In December 2017, David Davis indicated that he expected the UK and EU ratification procedures to run in parallel. At around the same time, Michel Barnier announced that the Withdrawal Agreement would need to be finalised by October 2018 in order to allow sufficient time for the necessary approvals.

END STATE RELATIONSHIP BETWEEN THE UK AND EU

Assuming the conclusion of a binding Withdrawal Agreement between the UK and EU, the focus will turn to settling the future trading arrangement between the two parties. The current UK Conservative government and the Official Opposition, the Labour Party, have both explicitly ruled out continuing membership of the EU Single Market, meaning that the so-called "Norway model" appears to have been taken off the negotiating table.

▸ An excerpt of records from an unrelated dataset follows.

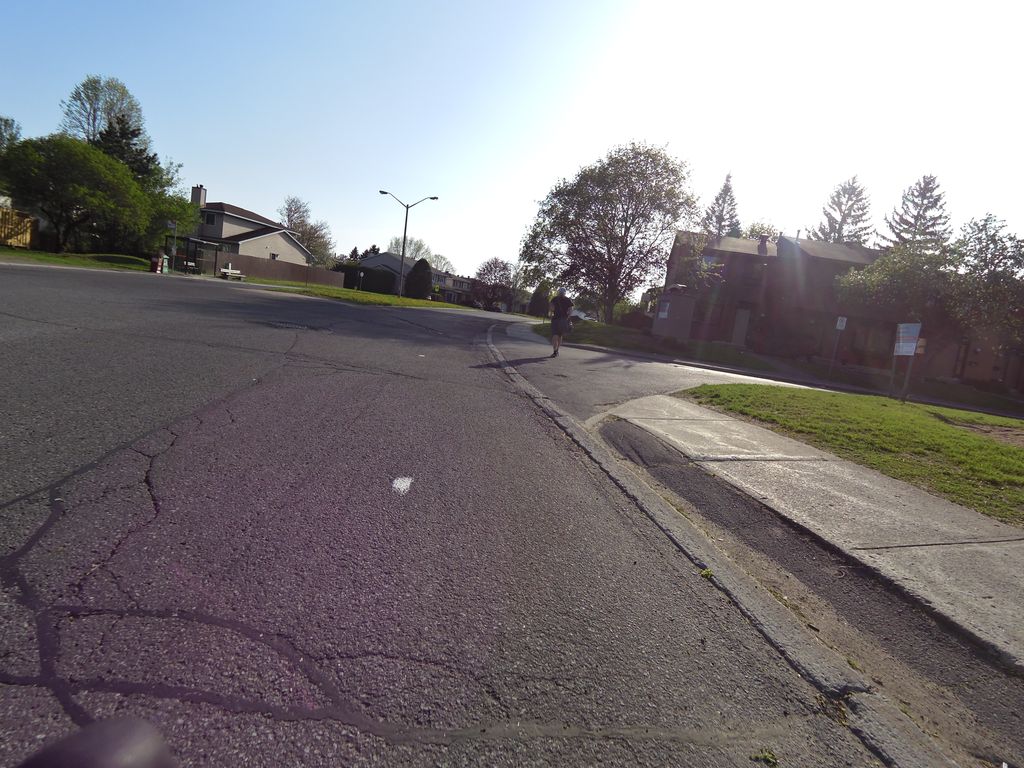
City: ottawa-gatineau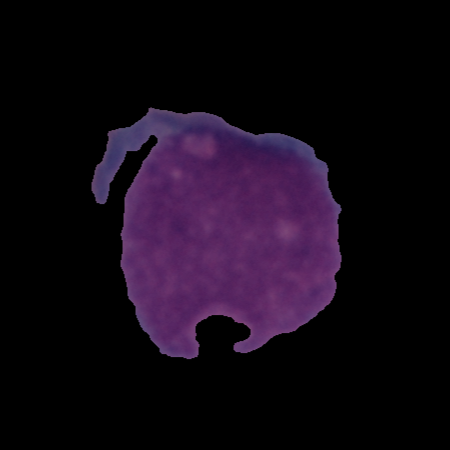
Label: cancer
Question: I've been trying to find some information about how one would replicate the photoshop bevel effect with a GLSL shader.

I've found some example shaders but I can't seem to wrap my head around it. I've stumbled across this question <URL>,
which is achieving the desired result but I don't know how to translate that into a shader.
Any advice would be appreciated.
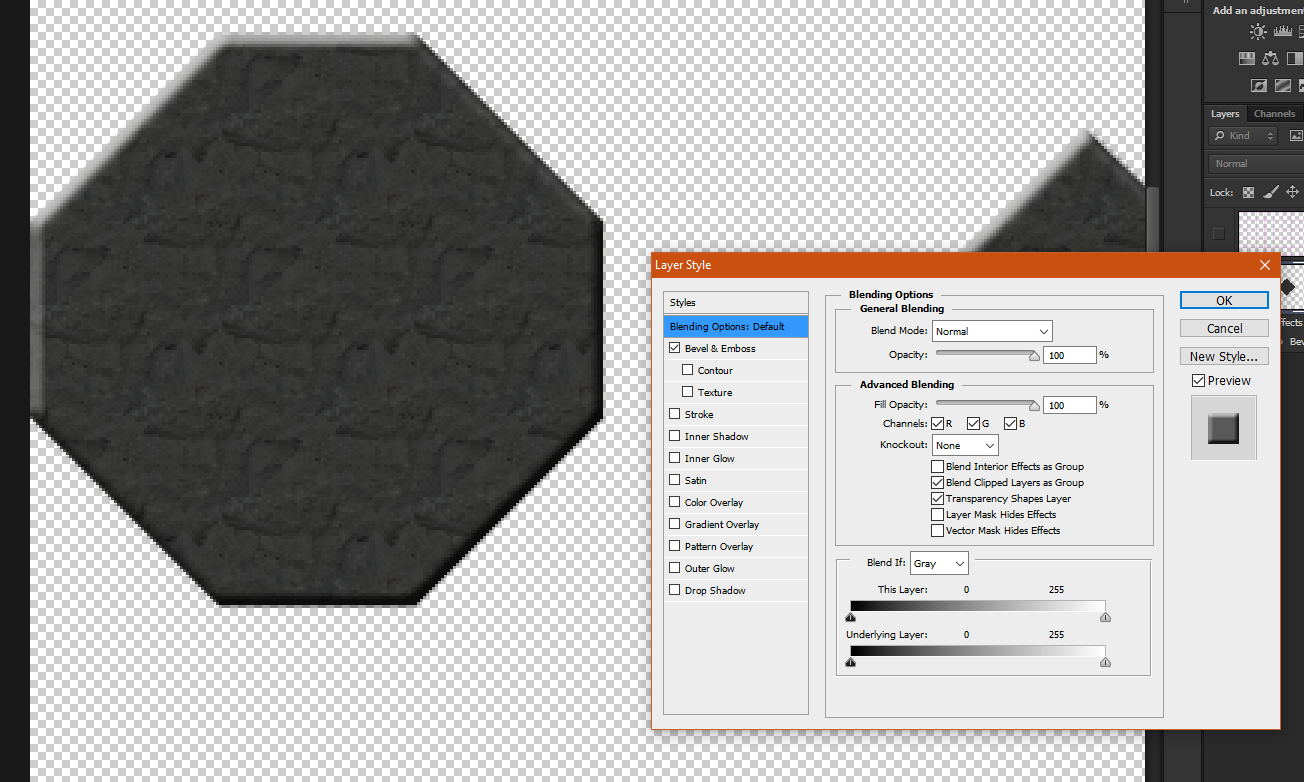
Answer: First, I'll warn you that this may get tricky to fit into a shader, depending on your GPU and desired quality but you can give it a try.
I'd split this problem into two separate ones:
-
1. Find distance and direction to the closest hole.
-
1. Shade pixel based on distance/direction.
You want to find the nearest pixel that has alpha below some threshold. You test the pixel your shader starts with, then you test its neighbors (3x3 grid, without center), then their neighbors (5x5) and so on... You continue this until you've found a pixel or you exceeded the size of your bevel.
This is the tricky part. There's not much math going on but you have A LOT of texture reads and 'if-else' which GPUs don't like. When you increase your border size the performance goes down very fast. GPUs seem to have some kind of 'timeout' functionality when executing shaders, so even perfectly working one may get silently killed if it takes too long. Those limits may differ between GPUs and/or drivers, so it's hard to say if the code that works on your machine will work on another. This is hard to test for sure but can be done.
With distance and direction you're almost done. If the distance is bigger than border size then current pixel is not a border, otherwise you compare your direction with some light-dir (it was up-left on your example) and decide if border should be lighter or darker.
You may also use distance to influence light/dark strenght so you could get rounded slopes instead of flat ones.
All of this is just a simplest approach. You can try to split it into render passes, do some precomputations, downscale textures, use mip-maps as quad trees, etc. to speed up the code.
As long as you don't plan to modify the data per frame you can precompute a lot.
Let's say you have a texture where you holes are white and the rest is black and you want to soften this image. You write a shader that samples current pixel (let's call it 'pix') and samples its 8 neighbors and averages them (let's call it 'avg'), then you call:
'''
result = max( pix, avg );
'''
This way you'll smear the white color around, but never darken pixels that are already white. You run this shader few times in a row to get bigger smear. Now, if you invert colors you'll get something like a distance values, right :) ?
(It can be done without inversion, you use 'alpha' channel and 'min' instead of 'max', I just felt this way is easier to describe).
The shape of this smear will depend on the pattern of your samples for 'avg' value. I told you to take 3x3 grid but you can experiment here and use more round shapes.
A gradient of this distance value will give you a direction.
You can get even further and precompute your shading data. You can compute texture with values to be added or substracted for every pixel. Pack this texture into 0-255 range. Then, during your rendering you'd sample this texture, subtract 0.5 from it (to move to the [-0.5,0.5] range) and add to your source texture.

Instead, it is anticipated that if negotiations are successful, the UK and EU will conclude some form of free trade agreement (FTA). However, the extent to which the FTA might facilitate cross-border provision of financial services on terms reasonably similar to existing arrangements remains unclear.

UK POSITION

In her speech at Mansion House on 2 March 2018, Theresa May conceded that the UK needed to "face up to some hard facts" and that "in certain ways, our [i.e. the UK and EU's] access to each other's markets will be less than it is now". She ruled out passporting and suggested an alternative collaborative framework (see the side bar opposite).

The UK Prime Minister's speech was followed by a further speech, this time by the UK Chancellor of the Exchequer, Philip Hammond, at Canary Wharf on 9 March 2018. Mr Hammond's speech argued that it was in the UK and EU's mutual interests to continue to collaborate closely on financial services issues and that it would be mutually beneficial if financial services access was covered as part of any negotiated FTA. In particular, he identified three principles for a future partnership covering financial services:

  • a process for establishing regulatory requirements for cross-border trade between the UK and the EU;
  • reciprocal cooperation arrangements that are reliable and prioritise financial stability; and
  • a legal framework that makes the structure durable and reliable for market participants and businesses which use their services.

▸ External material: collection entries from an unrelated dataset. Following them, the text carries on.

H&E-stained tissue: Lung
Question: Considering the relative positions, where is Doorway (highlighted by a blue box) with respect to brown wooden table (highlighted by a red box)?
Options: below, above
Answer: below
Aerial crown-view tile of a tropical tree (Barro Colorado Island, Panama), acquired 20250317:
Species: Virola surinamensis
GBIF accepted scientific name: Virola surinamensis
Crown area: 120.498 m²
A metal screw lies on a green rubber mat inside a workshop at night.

Mr Hammond went on to argue that the EU's existing third-country equivalence regime was unsuitable for this purpose, particularly because it was unilateral and the EU could potentially withdraw access with little to no notice. Instead, he suggested moving to a model of "mutual recognition and reciprocal regulatory equivalence…with proper governance structures, dispute resolution mechanisms, and sensible notice periods to market participants". The implication is that the UK may seek to agree an outcomes-focused framework whereby the UK and EU would have rules which have the same broad policy objectives in relation to financial services, but where granular individual requirements might differ. In the light of the EU's current professed preference for a regime based on regulatory equivalence (see below), it seems unlikely that the UK's preferred model would ultimately be acceptable to the EU and would instead be viewed as a form of "cherry-picking" which the EU has, to date, been vociferous in rejecting. It is also unclear whether any such model could be as efficient as existing forms of passporting under the various pieces of Single Market legislation or whether, in practice, there would inevitably be additional cross-border friction.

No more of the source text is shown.